Another problem concerns undesirable discrimination. Suppose a health insurance wants to incentivize certain kinds of “healthy” diets – by reducing tariffs for people who eat more salad and less meat, for example. As a side effect, it would then be likely that men will pay different tariffs from women, and Christians, Jews, and Muslims would on average pay different tariffs as well, just because of their different religious and cultural traditions. Such effects are considered discriminatory and need to be avoided. If one, furthermore, wants to avoid discrimination based on age, sexual orientation and other features that should not be discriminated against, Big Data analytics becomes a quite sophisticated challenge.

Last but not least, even Big Data analytics will produce errors of first kind and of second kind, i.e. false alarms and alarms that don’t go off. This is a problem for many medical tests. Say, a medical test costs x and a correct diagnosis creates a benefit of y, while a wrong one will cause a damage of z. Moreover, assume that that the test is correct with probability p and incorrect with probability (1-p). Then, the overall utility of the test is u = – x + p*y – (1-p)*z, which might be neutral or even negative, depending on the impact of wrong diagnoses. For example, false negatives are an issue for many kinds of cancer, and it is therefore sometimes advised, not to test the entire population.

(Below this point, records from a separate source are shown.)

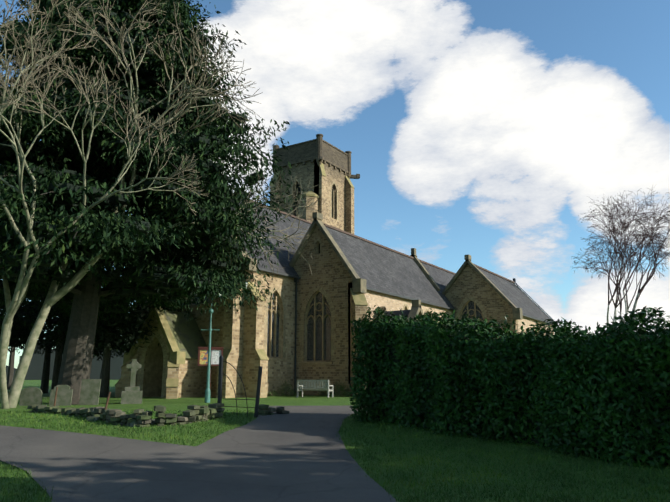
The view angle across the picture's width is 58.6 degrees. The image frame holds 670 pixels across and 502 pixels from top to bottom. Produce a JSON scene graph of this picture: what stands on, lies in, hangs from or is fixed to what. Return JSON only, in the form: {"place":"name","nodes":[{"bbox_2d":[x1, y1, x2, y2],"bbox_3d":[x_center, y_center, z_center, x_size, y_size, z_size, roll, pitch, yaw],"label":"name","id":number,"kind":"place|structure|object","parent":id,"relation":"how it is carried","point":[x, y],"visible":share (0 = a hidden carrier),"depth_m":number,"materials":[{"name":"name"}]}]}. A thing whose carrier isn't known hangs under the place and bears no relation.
{"place":"outdoors","nodes":[
{"label":"outdoors","id":0,"kind":"place"},
{"bbox_2d":[7,347,15,389],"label":"tree","id":1,"kind":"object","parent":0,"point":[10,369],"visible":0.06,"depth_m":50.53,"materials":[{"name":"plant"}]},
{"bbox_2d":[6,380,118,382],"bbox_3d":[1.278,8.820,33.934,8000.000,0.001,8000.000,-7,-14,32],"label":"ground","id":2,"kind":"structure","parent":0,"point":[33,381],"depth_m":170.86,"materials":[{"name":"green plant"}]},
{"bbox_2d":[6,342,125,379],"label":"treeline","id":3,"kind":"object","parent":2,"relation":"on","point":[35,370],"depth_m":232.14,"materials":[{"name":"green plant"}]},
{"bbox_2d":[93,300,135,360],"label":"yew","id":4,"kind":"object","parent":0,"point":[99,355],"depth_m":42.10,"materials":[{"name":"green plant"}]},
{"bbox_2d":[122,301,196,348],"bbox_3d":[-9.975,4.168,37.919,7.320,4.967,7.566,5,-13,-21],"label":"yew","id":5,"kind":"object","parent":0,"point":[168,308],"depth_m":35.66,"materials":[{"name":"green plant"}]},
{"bbox_2d":[0,405,397,501],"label":"road","id":6,"kind":"structure","parent":0,"point":[296,454],"depth_m":10.84,"materials":[{"name":"grey asphalt"}]},
{"bbox_2d":[0,382,669,501],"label":"ground","id":7,"kind":"structure","parent":0,"point":[150,403],"depth_m":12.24,"materials":[{"name":"green plant"}]},
{"bbox_2d":[0,303,34,340],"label":"yew","id":8,"kind":"object","parent":7,"relation":"on","point":[12,329],"visible":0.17,"depth_m":32.85,"materials":[{"name":"green plant"}]},
{"bbox_2d":[19,387,42,405],"bbox_3d":[-11.973,5.854,23.537,0.812,0.969,0.149,1,-12,-6],"label":"headstone","id":9,"kind":"object","parent":7,"relation":"on","point":[30,395],"visible":0.83,"depth_m":23.50,"materials":[{"name":"stone"}]},
{"bbox_2d":[53,387,57,405],"bbox_3d":[-10.343,5.515,22.077,0.065,0.947,0.196,1,-12,-3],"label":"stake","id":10,"kind":"object","parent":7,"relation":"on","point":[55,396],"visible":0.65,"depth_m":22.11,"materials":[{"name":"brown wood"}]},
{"bbox_2d":[0,301,112,392],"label":"tree","id":11,"kind":"object","parent":7,"relation":"on","point":[44,387],"depth_m":39.74,"materials":[{"name":"plant"}]},
{"bbox_2d":[0,294,120,392],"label":"tree","id":12,"kind":"object","parent":7,"relation":"on","point":[27,326],"depth_m":35.03,"materials":[{"name":"green plant"}]},
{"bbox_2d":[49,385,72,405],"bbox_3d":[-10.820,5.822,23.583,0.818,1.048,0.162,2,-12,-9],"label":"headstone","id":13,"kind":"object","parent":7,"relation":"on","point":[64,395],"visible":0.84,"depth_m":23.56,"materials":[{"name":"stone"}]},
{"bbox_2d":[79,379,100,404],"bbox_3d":[-9.929,5.838,24.195,0.750,1.267,0.186,2,-12,-7],"label":"headstone","id":14,"kind":"object","parent":7,"relation":"on","point":[90,392],"visible":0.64,"depth_m":24.18,"materials":[{"name":"stone"}]},
{"bbox_2d":[86,416,100,420],"bbox_3d":[-6.764,4.769,16.847,0.400,0.190,0.550,-2,-12,9],"label":"flat stone","id":15,"kind":"object","parent":7,"relation":"on","point":[93,418],"visible":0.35,"depth_m":16.61,"materials":[{"name":"grey stone"}]},
{"bbox_2d":[43,299,160,396],"bbox_3d":[-12.731,4.986,33.787,7.190,6.948,7.171,-7,-14,32],"label":"tree","id":16,"kind":"object","parent":7,"relation":"on","point":[126,329],"depth_m":32.68,"materials":[{"name":"green plant"}]},
{"bbox_2d":[102,392,110,419],"bbox_3d":[-6.487,4.478,16.873,0.238,0.992,0.066,7,-14,-32],"label":"stake","id":17,"kind":"object","parent":7,"relation":"on","point":[108,397],"visible":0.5,"depth_m":16.91,"materials":[{"name":"wood"}]},
{"bbox_2d":[27,403,224,426],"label":"dry stone wall","id":18,"kind":"structure","parent":7,"relation":"on","point":[194,413],"depth_m":16.33,"materials":[{"name":"grey stone"}]},
{"bbox_2d":[121,359,142,403],"bbox_3d":[-8.631,5.621,25.510,0.840,1.970,0.840,4,-12,-18],"label":"celtic cross","id":19,"kind":"object","parent":7,"relation":"on","point":[132,393],"visible":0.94,"depth_m":25.12,"materials":[{"name":"stone"}]},
{"bbox_2d":[126,419,164,426],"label":"stones","id":20,"kind":"object","parent":7,"relation":"on","point":[132,424],"visible":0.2,"depth_m":15.69,"materials":[{"name":"grey stone"}]},
{"bbox_2d":[115,353,178,398],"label":"porch buttress","id":21,"kind":"structure","parent":7,"relation":"on","point":[125,380],"depth_m":32.70,"materials":[{"name":"stone"}]},
{"bbox_2d":[115,351,180,386],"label":"porch butt caps","id":22,"kind":"object","parent":21,"relation":"attached to","point":[172,382],"visible":0.65,"depth_m":30.98,"materials":[{"name":"stone"}]},
{"bbox_2d":[0,0,304,403],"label":"evergreen tree","id":23,"kind":"object","parent":7,"relation":"on","point":[217,215],"depth_m":24.67,"materials":[{"name":"green plant"}]},
{"bbox_2d":[144,338,162,396],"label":"door","id":24,"kind":"structure","parent":7,"relation":"on","point":[153,374],"depth_m":33.38,"materials":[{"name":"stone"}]},
{"bbox_2d":[136,315,180,397],"bbox_3d":[-9.757,5.982,32.814,3.200,5.400,0.500,-7,-14,32],"label":"porch archway","id":25,"kind":"object","parent":7,"relation":"on","point":[155,323],"visible":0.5,"depth_m":32.95,"materials":[{"name":"stone"}]},
{"bbox_2d":[139,332,167,396],"bbox_3d":[-9.894,6.325,32.524,2.190,3.797,0.001,-7,-14,32],"label":"door surround","id":26,"kind":"object","parent":25,"relation":"attached to","point":[162,343],"visible":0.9,"depth_m":32.69,"materials":[{"name":"beige stone"}]},
{"bbox_2d":[123,305,185,364],"bbox_3d":[-9.902,4.433,32.904,4.260,3.570,0.600,-7,-14,32],"label":"gable coping","id":27,"kind":"object","parent":25,"relation":"on","point":[177,356],"visible":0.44,"depth_m":32.44,"materials":[{"name":"stone"}]},
{"bbox_2d":[0,0,322,408],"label":"bare tree","id":28,"kind":"object","parent":7,"relation":"on","point":[60,70],"depth_m":21.06,"materials":[{"name":"plant"}]},
{"bbox_2d":[153,359,206,397],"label":"porch walls","id":29,"kind":"structure","parent":7,"relation":"on","point":[193,379],"depth_m":32.73,"materials":[{"name":"stone"}]},
{"bbox_2d":[163,310,206,358],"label":"porch roof","id":30,"kind":"structure","parent":29,"relation":"on","point":[189,338],"depth_m":33.67,"materials":[{"name":"stone"}]},
{"bbox_2d":[201,295,219,402],"bbox_3d":[-5.536,4.146,26.659,0.885,5.485,0.323,-1,-12,6],"label":"lamp post","id":31,"kind":"object","parent":7,"relation":"on","point":[207,395],"visible":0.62,"depth_m":26.41,"materials":[{"name":"teal metal"}]},
{"bbox_2d":[198,347,223,384],"bbox_3d":[-5.803,5.845,27.655,1.200,2.765,0.200,2,-12,-9],"label":"notice board","id":32,"kind":"object","parent":7,"relation":"on","point":[212,348],"visible":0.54,"depth_m":27.74,"materials":[{"name":"brown wood"}]},
{"bbox_2d":[200,350,207,363],"bbox_3d":[-6.057,4.929,27.755,0.328,0.660,0.294,-7,-14,32],"label":"poster","id":33,"kind":"object","parent":32,"relation":"attached to","point":[203,356],"visible":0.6,"depth_m":27.75,"materials":[{"name":"yellow paper"}]},
{"bbox_2d":[211,350,220,363],"bbox_3d":[-5.534,4.946,27.839,0.328,0.660,0.294,-7,-14,32],"label":"poster","id":34,"kind":"object","parent":32,"relation":"attached to","point":[216,355],"visible":0.8,"depth_m":27.84,"materials":[{"name":"white paper"}]},
{"bbox_2d":[217,355,262,417],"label":"kissing gate","id":35,"kind":"structure","parent":7,"relation":"on","point":[220,379],"depth_m":17.80,"materials":[{"name":"grey metal"}]},
{"bbox_2d":[241,264,295,382],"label":"wall","id":36,"kind":"structure","parent":7,"relation":"on","point":[278,370],"depth_m":36.20,"materials":[{"name":"stone"}]},
{"bbox_2d":[135,286,293,397],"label":"buttress","id":37,"kind":"structure","parent":36,"relation":"attached to","point":[243,332],"depth_m":32.52,"materials":[{"name":"beige stone"}]},
{"bbox_2d":[223,281,268,359],"bbox_3d":[-4.973,3.746,32.753,1.999,4.392,1.999,-7,-14,32],"label":"buttress","id":38,"kind":"object","parent":37,"relation":"on","point":[262,354],"visible":0.56,"depth_m":32.62,"materials":[{"name":"beige stone"}]},
{"bbox_2d":[223,195,310,276],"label":"church roof","id":39,"kind":"structure","parent":36,"relation":"on","point":[283,261],"depth_m":39.50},
{"bbox_2d":[264,286,285,357],"bbox_3d":[-3.530,4.192,35.549,0.001,4.208,2.098,-7,-14,32],"label":"window surround","id":40,"kind":"object","parent":36,"relation":"attached to","point":[266,325],"visible":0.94,"depth_m":35.86,"materials":[{"name":"beige stone"}]},
{"bbox_2d":[268,291,284,360],"bbox_3d":[-3.622,4.399,35.565,0.350,4.180,1.740,-7,-14,32],"label":"window frame","id":41,"kind":"object","parent":36,"relation":"attached to","point":[275,311],"visible":0.81,"depth_m":35.77,"materials":[{"name":"beige stone"}]},
{"bbox_2d":[267,293,278,356],"bbox_3d":[-3.769,4.330,35.676,0.001,4.000,1.500,-7,-14,32],"label":"arched window","id":42,"kind":"structure","parent":41,"relation":"in","point":[277,339],"depth_m":35.78,"materials":[{"name":"black glass"}]},
{"bbox_2d":[257,267,300,393],"bbox_3d":[-3.520,4.817,35.139,0.320,7.228,4.550,-7,-14,32],"label":"gutter and downpipe","id":43,"kind":"object","parent":36,"relation":"attached to","point":[296,279],"visible":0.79,"depth_m":36.73,"materials":[{"name":"black metal"}]},
{"bbox_2d":[254,404,288,415],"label":"dry stone wall","id":44,"kind":"structure","parent":7,"relation":"on","point":[264,409],"depth_m":18.20,"materials":[{"name":"grey stone"}]},
{"bbox_2d":[267,390,277,395],"bbox_3d":[-3.540,8.096,33.984,0.720,0.401,0.680,-7,-14,32],"label":"shrub","id":45,"kind":"object","parent":7,"relation":"on","point":[273,394],"depth_m":33.94,"materials":[{"name":"green plant"}]},
{"bbox_2d":[278,376,293,395],"bbox_3d":[-2.794,7.677,34.297,0.979,1.342,1.010,-7,-14,32],"label":"shrub","id":46,"kind":"object","parent":7,"relation":"on","point":[281,391],"depth_m":34.17,"materials":[{"name":"green plant"}]},
{"bbox_2d":[291,388,304,395],"bbox_3d":[-2.144,8.177,34.624,0.940,0.514,0.862,-7,-14,32],"label":"shrub","id":47,"kind":"object","parent":7,"relation":"on","point":[296,393],"depth_m":34.54,"materials":[{"name":"green plant"}]},
{"bbox_2d":[297,380,332,397],"bbox_3d":[-1.090,7.471,32.460,1.940,0.940,0.600,-6,-13,25],"label":"bench","id":48,"kind":"object","parent":7,"relation":"on","point":[312,388],"visible":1,"depth_m":32.26,"materials":[{"name":"grey wood"}]},
{"bbox_2d":[293,226,352,383],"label":"gable wall","id":49,"kind":"structure","parent":7,"relation":"on","point":[331,276],"depth_m":36.32,"materials":[{"name":"stone"}]},
{"bbox_2d":[301,291,332,363],"bbox_3d":[-1.025,4.630,36.435,2.240,4.482,0.350,-7,-14,32],"label":"window tracery","id":50,"kind":"object","parent":49,"relation":"attached to","point":[315,317],"visible":0.79,"depth_m":36.61,"materials":[{"name":"beige stone"}]},
{"bbox_2d":[307,292,330,360],"bbox_3d":[-0.931,4.572,36.598,2.000,4.302,0.001,-7,-14,32],"label":"arched window","id":51,"kind":"structure","parent":50,"relation":"in","point":[310,340],"depth_m":36.56,"materials":[{"name":"black glass"}]},
{"bbox_2d":[299,286,335,360],"bbox_3d":[-1.084,4.397,36.390,2.690,4.550,0.001,-7,-14,32],"label":"window surround","id":52,"kind":"object","parent":49,"relation":"attached to","point":[333,326],"visible":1,"depth_m":36.57,"materials":[{"name":"beige stone"}]},
{"bbox_2d":[313,239,321,253],"bbox_3d":[-1.084,-0.298,37.368,0.682,0.941,0.001,-7,-14,32],"label":"window surround","id":53,"kind":"object","parent":49,"relation":"attached to","point":[316,240],"visible":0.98,"depth_m":37.40,"materials":[{"name":"beige stone"}]},
{"bbox_2d":[316,241,318,253],"bbox_3d":[-0.985,-0.209,37.507,0.360,0.834,0.160,-7,-14,32],"label":"slit window","id":54,"kind":"structure","parent":49,"relation":"on","point":[317,248],"depth_m":37.57,"materials":[{"name":"black glass"}]},
{"bbox_2d":[296,291,366,395],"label":"church wall","id":55,"kind":"structure","parent":49,"relation":"attached to","point":[357,312],"depth_m":34.52,"materials":[{"name":"beige stone"}]},
{"bbox_2d":[350,288,367,304],"bbox_3d":[1.421,4.157,34.243,1.609,4.296,0.760,-43,-44,73],"label":"buttress","id":56,"kind":"object","parent":55,"relation":"on","point":[359,298],"visible":0.46,"depth_m":34.54,"materials":[{"name":"beige stone"}]},
{"bbox_2d":[289,212,440,293],"bbox_3d":[2.755,1.282,42.990,6.400,5.550,14.705,-7,-14,32],"label":"gable coping","id":57,"kind":"object","parent":49,"relation":"on","point":[359,284],"visible":0.75,"depth_m":37.35,"materials":[{"name":"beige stone"}]},
{"bbox_2d":[308,226,454,308],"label":"roof","id":58,"kind":"structure","parent":49,"relation":"on","point":[379,268],"depth_m":42.16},
{"bbox_2d":[318,386,331,395],"bbox_3d":[-0.523,8.163,34.850,1.008,0.634,0.946,-7,-14,32],"label":"shrub","id":59,"kind":"object","parent":7,"relation":"on","point":[325,392],"depth_m":34.70,"materials":[{"name":"green plant"}]},
{"bbox_2d":[330,379,350,396],"bbox_3d":[0.310,7.696,33.522,1.166,1.012,1.212,-7,-14,32],"label":"shrub","id":60,"kind":"object","parent":7,"relation":"on","point":[342,392],"depth_m":33.42,"materials":[{"name":"green plant"}]},
{"bbox_2d":[445,264,517,338],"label":"gable wall","id":61,"kind":"structure","parent":7,"relation":"on","point":[469,282],"depth_m":46.91,"materials":[{"name":"stone"}]},
{"bbox_2d":[460,300,482,320],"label":"window tracery","id":62,"kind":"object","parent":61,"relation":"attached to","point":[474,309],"visible":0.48,"depth_m":47.28,"materials":[{"name":"beige stone"}]},
{"bbox_2d":[461,301,482,320],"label":"window","id":63,"kind":"structure","parent":62,"relation":"in","point":[471,306],"depth_m":47.31,"materials":[{"name":"black glass"}]},
{"bbox_2d":[455,297,487,321],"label":"window surround","id":64,"kind":"object","parent":61,"relation":"attached to","point":[473,300],"visible":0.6,"depth_m":47.20,"materials":[{"name":"beige stone"}]},
{"bbox_2d":[442,255,522,319],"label":"gable coping","id":65,"kind":"object","parent":61,"relation":"on","point":[517,313],"visible":0.9,"depth_m":46.80,"materials":[{"name":"beige stone"}]},
{"bbox_2d":[447,267,551,321],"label":"roof","id":66,"kind":"structure","parent":61,"relation":"on","point":[515,295],"depth_m":51.76,"materials":[{"name":"grey tile"}]},
{"bbox_2d":[514,283,551,319],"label":"chapel flashing","id":67,"kind":"object","parent":66,"relation":"on","point":[532,300],"visible":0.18,"depth_m":56.89,"materials":[{"name":"grey metal"}]},
{"bbox_2d":[513,278,556,326],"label":"gable coping","id":68,"kind":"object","parent":66,"relation":"attached to","point":[514,279],"visible":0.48,"depth_m":57.50,"materials":[{"name":"beige stone"}]},
{"bbox_2d":[347,305,669,469],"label":"hedge","id":69,"kind":"object","parent":7,"relation":"on","point":[564,341],"depth_m":13.16,"materials":[{"name":"green plant"}]},
{"bbox_2d":[518,316,553,334],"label":"chapel","id":70,"kind":"object","parent":7,"relation":"on","point":[527,321],"depth_m":47.85,"materials":[{"name":"beige stone"}]},
{"bbox_2d":[454,313,552,324],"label":"gutter","id":71,"kind":"object","parent":70,"relation":"attached to","point":[527,316],"visible":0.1,"depth_m":48.49,"materials":[{"name":"black metal"}]},
{"bbox_2d":[571,187,669,326],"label":"bare tree","id":72,"kind":"object","parent":7,"relation":"on","point":[622,253],"depth_m":62.09,"materials":[{"name":"plant"}]},
{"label":"porch walls","id":73,"kind":"object","parent":7,"relation":"on","visible":0},
{"bbox_2d":[380,310,409,322],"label":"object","id":74,"kind":"structure","parent":73,"relation":"on","point":[398,312],"depth_m":36.20,"materials":[{"name":"stone"}]},
{"bbox_2d":[377,300,423,321],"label":"buttress","id":75,"kind":"structure","parent":73,"relation":"on","point":[416,308],"depth_m":35.70,"materials":[{"name":"stone"}]},
{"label":"nave","id":76,"kind":"object","parent":7,"relation":"on","visible":0},
{"bbox_2d":[164,252,251,382],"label":"wall","id":77,"kind":"structure","parent":76,"relation":"attached to","point":[203,321],"depth_m":34.34,"materials":[{"name":"stone"}]},
{"bbox_2d":[177,271,208,308],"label":"roof","id":78,"kind":"structure","parent":77,"relation":"attached to","point":[191,306],"depth_m":35.46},
{"bbox_2d":[183,253,209,304],"bbox_3d":[-8.288,0.930,36.216,2.400,4.678,0.001,-7,-14,32],"label":"tree","id":79,"kind":"object","parent":78,"relation":"in","point":[203,300],"depth_m":35.63,"materials":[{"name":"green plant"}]},
{"bbox_2d":[231,236,256,271],"bbox_3d":[-8.455,-1.655,36.487,9.180,6.650,0.660,-7,-14,32],"label":"nave coping","id":80,"kind":"object","parent":77,"relation":"on","point":[250,266],"visible":0.12,"depth_m":33.41,"materials":[{"name":"beige stone"}]},
{"bbox_2d":[233,195,311,223],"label":"roof ridge","id":81,"kind":"structure","parent":76,"relation":"on","point":[293,216],"depth_m":45.01,"materials":[{"name":"tile"}]},
{"bbox_2d":[270,166,353,233],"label":"buttress","id":82,"kind":"structure","parent":76,"relation":"on","point":[349,208],"depth_m":58.33,"materials":[{"name":"beige stone"}]},
{"bbox_2d":[278,160,318,215],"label":"tower","id":83,"kind":"structure","parent":82,"relation":"attached to","point":[305,173],"depth_m":56.96,"materials":[{"name":"stone"}]},
{"bbox_2d":[290,179,302,213],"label":"window surround","id":84,"kind":"object","parent":83,"relation":"attached to","point":[300,183],"visible":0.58,"depth_m":56.80,"materials":[{"name":"beige stone"}]},
{"bbox_2d":[272,134,351,178],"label":"tower parapet","id":85,"kind":"structure","parent":83,"relation":"on","point":[312,151],"depth_m":57.58,"materials":[{"name":"grey stone"}]},
{"bbox_2d":[293,186,335,218],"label":"tower tracery","id":86,"kind":"object","parent":83,"relation":"attached to","point":[333,191],"visible":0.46,"depth_m":57.17,"materials":[{"name":"stone"}]},
{"bbox_2d":[294,184,334,216],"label":"tower louvres","id":87,"kind":"object","parent":83,"relation":"attached to","point":[298,187],"visible":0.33,"depth_m":57.17,"materials":[{"name":"grey wood"}]},
{"bbox_2d":[298,196,317,221],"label":"stair turret","id":88,"kind":"object","parent":82,"relation":"attached to","point":[307,215],"visible":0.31,"depth_m":54.48,"materials":[{"name":"stone"}]},
{"bbox_2d":[297,190,318,199],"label":"turret cap","id":89,"kind":"object","parent":88,"relation":"on","point":[310,193],"visible":0.42,"depth_m":54.73,"materials":[{"name":"beige stone"}]},
{"bbox_2d":[270,163,354,188],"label":"tower butt caps","id":90,"kind":"object","parent":82,"relation":"on","point":[322,172],"visible":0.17,"depth_m":57.93,"materials":[{"name":"beige stone"}]},
{"bbox_2d":[314,160,346,230],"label":"tower","id":91,"kind":"structure","parent":82,"relation":"attached to","point":[336,176],"depth_m":57.69,"materials":[{"name":"stone"}]},
{"bbox_2d":[330,182,337,219],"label":"window surround","id":92,"kind":"object","parent":91,"relation":"attached to","point":[331,201],"visible":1,"depth_m":57.23,"materials":[{"name":"beige stone"}]},
{"bbox_2d":[319,156,359,178],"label":"gargoyles","id":93,"kind":"object","parent":82,"relation":"on","point":[356,176],"visible":0.81,"depth_m":60.16,"materials":[{"name":"stone"}]},
{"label":"aisle","id":94,"kind":"object","parent":7,"relation":"on","visible":0},
{"bbox_2d":[324,224,455,274],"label":"roof ridge","id":95,"kind":"structure","parent":94,"relation":"on","point":[358,237],"depth_m":44.51,"materials":[{"name":"tile"}]},
{"bbox_2d":[348,282,452,383],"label":"wall","id":96,"kind":"structure","parent":94,"relation":"on","point":[389,303],"depth_m":38.02,"materials":[{"name":"beige stone"}]},
{"bbox_2d":[367,290,452,310],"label":"aisle bands","id":97,"kind":"object","parent":96,"relation":"attached to","point":[406,299],"depth_m":40.27,"materials":[{"name":"beige stone"}]},
{"bbox_2d":[366,287,455,320],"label":"aisle gutter","id":98,"kind":"object","parent":96,"relation":"attached to","point":[401,296],"visible":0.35,"depth_m":40.11,"materials":[{"name":"black metal"}]},
{"bbox_2d":[0,0,669,368],"label":"sky","id":99,"kind":"structure","parent":0,"point":[484,130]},
{"bbox_2d":[474,264,514,282],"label":"roof ridge","id":100,"kind":"structure","parent":0,"point":[484,269],"depth_m":52.87,"materials":[{"name":"grey stone"}]}
]}

In conclusion, the scientific method is absolutely indispensable to make sense of Big Data, i.e. to refine raw data into reliable information and useful knowledge. Hence, Big Data is not the end of theory, but rather the beginning.

A good example to illustrate this is the example of flu prediction. When the spatio-temporal spreading of the flu is studied, one will often find a wide scattering of the data and a low predictive power. This is related to the fact that the spreading of the flu is related to air travel. However, it is possible to use data of the passenger volumes of air travel to define an effective distance between cities, where cities with high mutual passenger flows are located next to each other. In this effective distance representation, the spreading pattern becomes circular and predictable. This approach makes it possible to identify the likely city in which a new disease emerged and to forecast the likely order in which cities will be suffering from the flu. Hence, it is possible to take proactive measures to fight the disease more effectively.

Pitfalls of Machine Learning and Artificial Intelligence

With the rise of machine learning methods, new hopes emerged that the previously mentioned problems could be overcome with Artificial Intelligence (AI). The expectation was that, AI systems would sooner or later become superintelligent and capable of performing any task better than humans, at least any specialized task.

In fact, AI systems are now capable of performing many diagnoses more reliably than doctors, e.g. diagnoses of certain kinds of cancer. Such applications can certainly be of tremendous use.

However, AI systems will make errors, too, just perhaps with lower frequency. So, decisions or suggestions of AI systems must be critically questioned, particularly when a decision may have large-scale impact, i.e. when a single mistake can potentially create large damage. This is necessary also because of a serious weakness of most of today’s AI systems: they do not explain how they come to their conclusions. For example, they do not tell us what is the likelihood that the suggestion is based on a spurious correlation. In fact, if AI systems turn correlations into laws (as cybernetic control systems or autonomous systems may do), this could eliminate important freedoms of decision-making.

Last but not least, it has been found that not only humans, but also AI systems can be manipulated. Moreover, intelligent machines are not necessarily objective and fair: they may discriminate people. For example, it has been shown that people of color and women are potential victims of such discrimination, in part because AI systems are typically trained with biased, historical data. So, machine bias is a frequent, undesired side effect and it is a serious risk of machine learning, which must be tested for and properly counter-acted.